Moreover, Plato isn’t the only ancient author who associated female same-sex relations with excess. As I describe in Appendix B, a memorable (and disturbing) first-century text by the poet Martial described a woman who ate and drank to excess. Her lack of self-control extended to abusive and lustful sexual behaviors, including same-sex behavior. As Martial wrote, she “penetrates boys and, more harsh than the lust of a husband, hacks at eleven girls a day.” Sprinkle’s critique here, then, is wrong.
So there you have it: the main updates to the first half of the book. And the second half has quite a bit more new material than the first!

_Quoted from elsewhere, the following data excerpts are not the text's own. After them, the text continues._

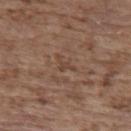Case summary:
- biopsy status · no biopsy performed (imaged during a skin exam)
- subject · female, in their mid-60s
- TBP lesion metrics · internal color variation of about 0 on a 0–10 scale and peripheral color asymmetry of about 0; an automated nevus-likeness rating near 0 out of 100 and lesion-presence confidence of about 55/100
- body site · the upper back
- lighting · white-light illumination
- image · ~15 mm crop, total-body skin-cancer survey
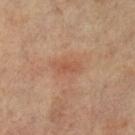Case summary:
* follow-up · no biopsy performed (imaged during a skin exam)
* illumination · cross-polarized illumination
* anatomic site · the right leg
* subject · female, aged 63 to 67
* lesion size · about 3.5 mm
* image source · total-body-photography crop, ~15 mm field of view
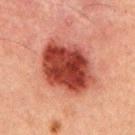| key | value |
|---|---|
| biopsy status | total-body-photography surveillance lesion; no biopsy |
| image | total-body-photography crop, ~15 mm field of view |
| patient | male, approximately 50 years of age |
| lighting | cross-polarized |
| body site | the upper back |
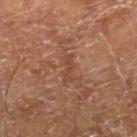Context:
A male patient, aged 68 to 72. On the right lower leg. The lesion's longest dimension is about 3 mm. A 15 mm close-up tile from a total-body photography series done for melanoma screening.
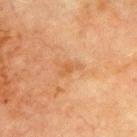Imaged during a routine full-body skin examination; the lesion was not biopsied and no histopathology is available. The tile uses cross-polarized illumination. A male patient, aged around 70. From the front of the torso. A region of skin cropped from a whole-body photographic capture, roughly 15 mm wide. Measured at roughly 2.5 mm in maximum diameter.
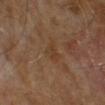* biopsy status — no biopsy performed (imaged during a skin exam)
* automated metrics — a lesion color around L≈37 a*≈16 b*≈30 in CIELAB, a lesion–skin lightness drop of about 4, and a normalized border contrast of about 4.5; a border-irregularity rating of about 3.5/10, internal color variation of about 2.5 on a 0–10 scale, and peripheral color asymmetry of about 1; lesion-presence confidence of about 100/100
* illumination — cross-polarized illumination
* subject — male, in their mid- to late 60s
* imaging modality — 15 mm crop, total-body photography
* diameter — about 2.5 mm
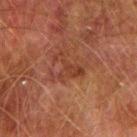Part of a total-body skin-imaging series; this lesion was reviewed on a skin check and was not flagged for biopsy. Automated image analysis of the tile measured a lesion–skin lightness drop of about 6 and a normalized lesion–skin contrast near 6. It also reported a border-irregularity rating of about 8.5/10, internal color variation of about 1.5 on a 0–10 scale, and peripheral color asymmetry of about 0.5. It also reported an automated nevus-likeness rating near 0 out of 100 and a detector confidence of about 100 out of 100 that the crop contains a lesion. Located on the arm. A male subject, aged 73 to 77. A roughly 15 mm field-of-view crop from a total-body skin photograph.
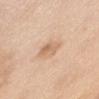Part of a total-body skin-imaging series; this lesion was reviewed on a skin check and was not flagged for biopsy.
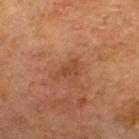| feature | finding |
|---|---|
| workup | no biopsy performed (imaged during a skin exam) |
| subject | male, aged 68 to 72 |
| location | the upper back |
| imaging modality | ~15 mm tile from a whole-body skin photo |
| automated lesion analysis | border irregularity of about 5.5 on a 0–10 scale, a color-variation rating of about 0/10, and peripheral color asymmetry of about 0 |
| lighting | cross-polarized |
| size | about 3 mm |
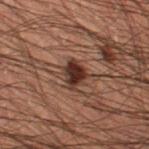Recorded during total-body skin imaging; not selected for excision or biopsy.
Longest diameter approximately 3 mm.
A 15 mm close-up extracted from a 3D total-body photography capture.
This is a cross-polarized tile.
A male subject, aged around 55.
The total-body-photography lesion software estimated a lesion area of about 5.5 mm² and an eccentricity of roughly 0.65. And it measured a border-irregularity index near 2.5/10 and a color-variation rating of about 3/10.
Located on the left thigh.

Thank you again to everyone who has supported the book over the past decade and to those of you who have already purchased a copy of the revised and expanded edition. As you can probably tell, I really enjoy this sort of research and writing, and I’m truly grateful to have had the opportunity both to write the book in the first place and now to be able to update it a decade later.
I bought the updated version over the weekend (I have the original) and have enjoyed it so far! I really enjoyed the discussion on usery at the CenterPeace conference. I appreciate your work and your ability to argue for inclusion while still maintaining there need for boundaries, not “anything goes.”
I attend Restore Austin and Zach always has wonderful things to say about you!